*Task item*.
Give the entries again, word for word.

*Listed entries*.

_____

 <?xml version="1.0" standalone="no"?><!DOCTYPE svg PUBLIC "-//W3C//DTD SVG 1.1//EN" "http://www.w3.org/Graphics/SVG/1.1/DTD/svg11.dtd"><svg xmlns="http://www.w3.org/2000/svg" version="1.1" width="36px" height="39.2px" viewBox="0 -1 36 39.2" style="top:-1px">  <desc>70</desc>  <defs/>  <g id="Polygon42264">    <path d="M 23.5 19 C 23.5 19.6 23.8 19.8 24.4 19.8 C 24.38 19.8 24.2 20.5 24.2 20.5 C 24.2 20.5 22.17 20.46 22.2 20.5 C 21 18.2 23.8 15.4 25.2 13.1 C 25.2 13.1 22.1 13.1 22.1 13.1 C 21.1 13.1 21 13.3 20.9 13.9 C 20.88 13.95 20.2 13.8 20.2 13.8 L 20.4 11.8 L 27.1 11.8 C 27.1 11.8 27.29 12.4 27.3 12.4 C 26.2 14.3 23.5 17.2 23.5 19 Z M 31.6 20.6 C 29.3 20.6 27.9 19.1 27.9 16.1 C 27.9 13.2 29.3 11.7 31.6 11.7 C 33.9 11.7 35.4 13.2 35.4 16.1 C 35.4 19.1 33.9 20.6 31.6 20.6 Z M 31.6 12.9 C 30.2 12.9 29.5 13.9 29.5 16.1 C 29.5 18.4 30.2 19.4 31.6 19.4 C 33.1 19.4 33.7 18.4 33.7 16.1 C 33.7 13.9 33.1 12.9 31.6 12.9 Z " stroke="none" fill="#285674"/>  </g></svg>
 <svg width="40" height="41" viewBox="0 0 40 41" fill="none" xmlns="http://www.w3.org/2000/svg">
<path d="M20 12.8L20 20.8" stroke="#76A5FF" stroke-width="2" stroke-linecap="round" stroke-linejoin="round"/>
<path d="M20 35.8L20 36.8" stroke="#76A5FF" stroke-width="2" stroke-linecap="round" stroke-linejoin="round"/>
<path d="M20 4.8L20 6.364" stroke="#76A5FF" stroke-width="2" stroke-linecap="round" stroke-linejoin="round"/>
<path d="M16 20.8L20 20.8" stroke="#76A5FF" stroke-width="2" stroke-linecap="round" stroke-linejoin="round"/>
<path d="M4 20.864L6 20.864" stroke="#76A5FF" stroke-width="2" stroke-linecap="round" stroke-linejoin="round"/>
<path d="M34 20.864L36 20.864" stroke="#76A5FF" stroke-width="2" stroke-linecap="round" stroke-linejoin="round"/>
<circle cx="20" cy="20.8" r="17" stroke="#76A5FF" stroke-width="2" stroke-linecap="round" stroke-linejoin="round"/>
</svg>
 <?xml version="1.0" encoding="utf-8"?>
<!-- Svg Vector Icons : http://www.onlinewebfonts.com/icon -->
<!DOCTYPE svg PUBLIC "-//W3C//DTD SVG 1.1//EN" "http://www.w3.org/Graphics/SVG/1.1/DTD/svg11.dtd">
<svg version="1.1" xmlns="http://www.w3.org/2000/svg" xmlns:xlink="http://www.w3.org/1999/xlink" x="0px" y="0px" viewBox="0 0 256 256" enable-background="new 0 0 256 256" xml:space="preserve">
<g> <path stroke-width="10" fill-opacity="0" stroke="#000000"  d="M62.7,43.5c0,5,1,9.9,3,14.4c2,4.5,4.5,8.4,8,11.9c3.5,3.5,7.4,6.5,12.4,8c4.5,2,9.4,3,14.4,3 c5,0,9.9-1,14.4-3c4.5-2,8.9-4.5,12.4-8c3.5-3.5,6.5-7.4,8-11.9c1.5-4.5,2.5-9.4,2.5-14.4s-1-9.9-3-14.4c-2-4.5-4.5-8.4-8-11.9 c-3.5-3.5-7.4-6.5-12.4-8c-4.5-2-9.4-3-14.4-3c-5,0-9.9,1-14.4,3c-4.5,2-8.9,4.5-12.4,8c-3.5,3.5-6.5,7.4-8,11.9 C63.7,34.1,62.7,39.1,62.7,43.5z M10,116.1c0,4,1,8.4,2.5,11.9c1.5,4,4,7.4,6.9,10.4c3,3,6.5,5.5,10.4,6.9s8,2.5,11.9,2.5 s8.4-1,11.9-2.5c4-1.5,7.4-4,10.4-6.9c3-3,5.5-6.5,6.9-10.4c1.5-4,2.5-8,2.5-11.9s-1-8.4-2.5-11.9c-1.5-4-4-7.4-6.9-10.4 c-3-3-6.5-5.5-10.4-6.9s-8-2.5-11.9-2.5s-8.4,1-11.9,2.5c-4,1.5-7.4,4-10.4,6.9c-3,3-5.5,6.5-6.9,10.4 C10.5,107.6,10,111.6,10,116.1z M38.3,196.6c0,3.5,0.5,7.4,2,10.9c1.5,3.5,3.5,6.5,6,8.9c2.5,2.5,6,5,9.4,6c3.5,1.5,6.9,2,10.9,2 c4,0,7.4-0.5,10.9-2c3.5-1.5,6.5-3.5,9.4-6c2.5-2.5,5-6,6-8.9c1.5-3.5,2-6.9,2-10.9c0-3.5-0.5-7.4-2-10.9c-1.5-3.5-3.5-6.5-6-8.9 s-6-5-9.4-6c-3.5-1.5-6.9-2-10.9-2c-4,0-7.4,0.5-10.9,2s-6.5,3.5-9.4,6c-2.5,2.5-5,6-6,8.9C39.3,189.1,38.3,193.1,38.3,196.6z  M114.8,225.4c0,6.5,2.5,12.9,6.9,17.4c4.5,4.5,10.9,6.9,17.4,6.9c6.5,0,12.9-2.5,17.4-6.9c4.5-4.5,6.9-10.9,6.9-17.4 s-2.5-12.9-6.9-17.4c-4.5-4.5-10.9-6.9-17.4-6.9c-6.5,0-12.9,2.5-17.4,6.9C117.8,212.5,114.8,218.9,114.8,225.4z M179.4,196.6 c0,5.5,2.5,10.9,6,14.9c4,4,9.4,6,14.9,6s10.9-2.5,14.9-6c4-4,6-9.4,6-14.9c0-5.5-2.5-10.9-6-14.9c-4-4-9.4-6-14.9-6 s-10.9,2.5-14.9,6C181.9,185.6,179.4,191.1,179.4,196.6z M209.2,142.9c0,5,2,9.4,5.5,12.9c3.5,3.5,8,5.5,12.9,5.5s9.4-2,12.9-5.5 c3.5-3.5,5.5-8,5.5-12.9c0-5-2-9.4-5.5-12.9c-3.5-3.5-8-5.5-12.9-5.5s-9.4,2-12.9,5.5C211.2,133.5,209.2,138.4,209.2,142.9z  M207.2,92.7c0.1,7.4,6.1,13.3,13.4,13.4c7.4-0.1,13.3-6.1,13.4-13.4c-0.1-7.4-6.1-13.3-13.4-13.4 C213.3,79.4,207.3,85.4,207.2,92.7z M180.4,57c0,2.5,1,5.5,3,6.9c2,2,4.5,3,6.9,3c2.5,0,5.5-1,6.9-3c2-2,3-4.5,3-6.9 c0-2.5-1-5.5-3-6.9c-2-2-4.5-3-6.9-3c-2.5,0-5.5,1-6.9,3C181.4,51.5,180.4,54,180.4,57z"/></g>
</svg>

_____

*Task answer*.
 <?xml version="1.0" standalone="no"?><!DOCTYPE svg PUBLIC "-//W3C//DTD SVG 1.1//EN" "http://www.w3.org/Graphics/SVG/1.1/DTD/svg11.dtd"><svg xmlns="http://www.w3.org/2000/svg" version="1.1" width="36px" height="39.2px" viewBox="0 -1 36 39.2" style="top:-1px">  <desc>70</desc>  <defs/>  <g id="Polygon42264">    <path d="M 23.5 19 C 23.5 19.6 23.8 19.8 24.4 19.8 C 24.38 19.8 24.2 20.5 24.2 20.5 C 24.2 20.5 22.17 20.46 22.2 20.5 C 21 18.2 23.8 15.4 25.2 13.1 C 25.2 13.1 22.1 13.1 22.1 13.1 C 21.1 13.1 21 13.3 20.9 13.9 C 20.88 13.95 20.2 13.8 20.2 13.8 L 20.4 11.8 L 27.1 11.8 C 27.1 11.8 27.29 12.4 27.3 12.4 C 26.2 14.3 23.5 17.2 23.5 19 Z M 31.6 20.6 C 29.3 20.6 27.9 19.1 27.9 16.1 C 27.9 13.2 29.3 11.7 31.6 11.7 C 33.9 11.7 35.4 13.2 35.4 16.1 C 35.4 19.1 33.9 20.6 31.6 20.6 Z M 31.6 12.9 C 30.2 12.9 29.5 13.9 29.5 16.1 C 29.5 18.4 30.2 19.4 31.6 19.4 C 33.1 19.4 33.7 18.4 33.7 16.1 C 33.7 13.9 33.1 12.9 31.6 12.9 Z " stroke="none" fill="#285674"/>  </g></svg>
 <svg width="40" height="41" viewBox="0 0 40 41" fill="none" xmlns="http://www.w3.org/2000/svg">
<path d="M20 12.8L20 20.8" stroke="#76A5FF" stroke-width="2" stroke-linecap="round" stroke-linejoin="round"/>
<path d="M20 35.8L20 36.8" stroke="#76A5FF" stroke-width="2" stroke-linecap="round" stroke-linejoin="round"/>
<path d="M20 4.8L20 6.364" stroke="#76A5FF" stroke-width="2" stroke-linecap="round" stroke-linejoin="round"/>
<path d="M16 20.8L20 20.8" stroke="#76A5FF" stroke-width="2" stroke-linecap="round" stroke-linejoin="round"/>
<path d="M4 20.864L6 20.864" stroke="#76A5FF" stroke-width="2" stroke-linecap="round" stroke-linejoin="round"/>
<path d="M34 20.864L36 20.864" stroke="#76A5FF" stroke-width="2" stroke-linecap="round" stroke-linejoin="round"/>
<circle cx="20" cy="20.8" r="17" stroke="#76A5FF" stroke-width="2" stroke-linecap="round" stroke-linejoin="round"/>
</svg>
 <?xml version="1.0" encoding="utf-8"?>
<!-- Svg Vector Icons : http://www.onlinewebfonts.com/icon -->
<!DOCTYPE svg PUBLIC "-//W3C//DTD SVG 1.1//EN" "http://www.w3.org/Graphics/SVG/1.1/DTD/svg11.dtd">
<svg version="1.1" xmlns="http://www.w3.org/2000/svg" xmlns:xlink="http://www.w3.org/1999/xlink" x="0px" y="0px" viewBox="0 0 256 256" enable-background="new 0 0 256 256" xml:space="preserve">
<g> <path stroke-width="10" fill-opacity="0" stroke="#000000"  d="M62.7,43.5c0,5,1,9.9,3,14.4c2,4.5,4.5,8.4,8,11.9c3.5,3.5,7.4,6.5,12.4,8c4.5,2,9.4,3,14.4,3 c5,0,9.9-1,14.4-3c4.5-2,8.9-4.5,12.4-8c3.5-3.5,6.5-7.4,8-11.9c1.5-4.5,2.5-9.4,2.5-14.4s-1-9.9-3-14.4c-2-4.5-4.5-8.4-8-11.9 c-3.5-3.5-7.4-6.5-12.4-8c-4.5-2-9.4-3-14.4-3c-5,0-9.9,1-14.4,3c-4.5,2-8.9,4.5-12.4,8c-3.5,3.5-6.5,7.4-8,11.9 C63.7,34.1,62.7,39.1,62.7,43.5z M10,116.1c0,4,1,8.4,2.5,11.9c1.5,4,4,7.4,6.9,10.4c3,3,6.5,5.5,10.4,6.9s8,2.5,11.9,2.5 s8.4-1,11.9-2.5c4-1.5,7.4-4,10.4-6.9c3-3,5.5-6.5,6.9-10.4c1.5-4,2.5-8,2.5-11.9s-1-8.4-2.5-11.9c-1.5-4-4-7.4-6.9-10.4 c-3-3-6.5-5.5-10.4-6.9s-8-2.5-11.9-2.5s-8.4,1-11.9,2.5c-4,1.5-7.4,4-10.4,6.9c-3,3-5.5,6.5-6.9,10.4 C10.5,107.6,10,111.6,10,116.1z M38.3,196.6c0,3.5,0.5,7.4,2,10.9c1.5,3.5,3.5,6.5,6,8.9c2.5,2.5,6,5,9.4,6c3.5,1.5,6.9,2,10.9,2 c4,0,7.4-0.5,10.9-2c3.5-1.5,6.5-3.5,9.4-6c2.5-2.5,5-6,6-8.9c1.5-3.5,2-6.9,2-10.9c0-3.5-0.5-7.4-2-10.9c-1.5-3.5-3.5-6.5-6-8.9 s-6-5-9.4-6c-3.5-1.5-6.9-2-10.9-2c-4,0-7.4,0.5-10.9,2s-6.5,3.5-9.4,6c-2.5,2.5-5,6-6,8.9C39.3,189.1,38.3,193.1,38.3,196.6z  M114.8,225.4c0,6.5,2.5,12.9,6.9,17.4c4.5,4.5,10.9,6.9,17.4,6.9c6.5,0,12.9-2.5,17.4-6.9c4.5-4.5,6.9-10.9,6.9-17.4 s-2.5-12.9-6.9-17.4c-4.5-4.5-10.9-6.9-17.4-6.9c-6.5,0-12.9,2.5-17.4,6.9C117.8,212.5,114.8,218.9,114.8,225.4z M179.4,196.6 c0,5.5,2.5,10.9,6,14.9c4,4,9.4,6,14.9,6s10.9-2.5,14.9-6c4-4,6-9.4,6-14.9c0-5.5-2.5-10.9-6-14.9c-4-4-9.4-6-14.9-6 s-10.9,2.5-14.9,6C181.9,185.6,179.4,191.1,179.4,196.6z M209.2,142.9c0,5,2,9.4,5.5,12.9c3.5,3.5,8,5.5,12.9,5.5s9.4-2,12.9-5.5 c3.5-3.5,5.5-8,5.5-12.9c0-5-2-9.4-5.5-12.9c-3.5-3.5-8-5.5-12.9-5.5s-9.4,2-12.9,5.5C211.2,133.5,209.2,138.4,209.2,142.9z  M207.2,92.7c0.1,7.4,6.1,13.3,13.4,13.4c7.4-0.1,13.3-6.1,13.4-13.4c-0.1-7.4-6.1-13.3-13.4-13.4 C213.3,79.4,207.3,85.4,207.2,92.7z M180.4,57c0,2.5,1,5.5,3,6.9c2,2,4.5,3,6.9,3c2.5,0,5.5-1,6.9-3c2-2,3-4.5,3-6.9 c0-2.5-1-5.5-3-6.9c-2-2-4.5-3-6.9-3c-2.5,0-5.5,1-6.9,3C181.4,51.5,180.4,54,180.4,57z"/></g>
</svg>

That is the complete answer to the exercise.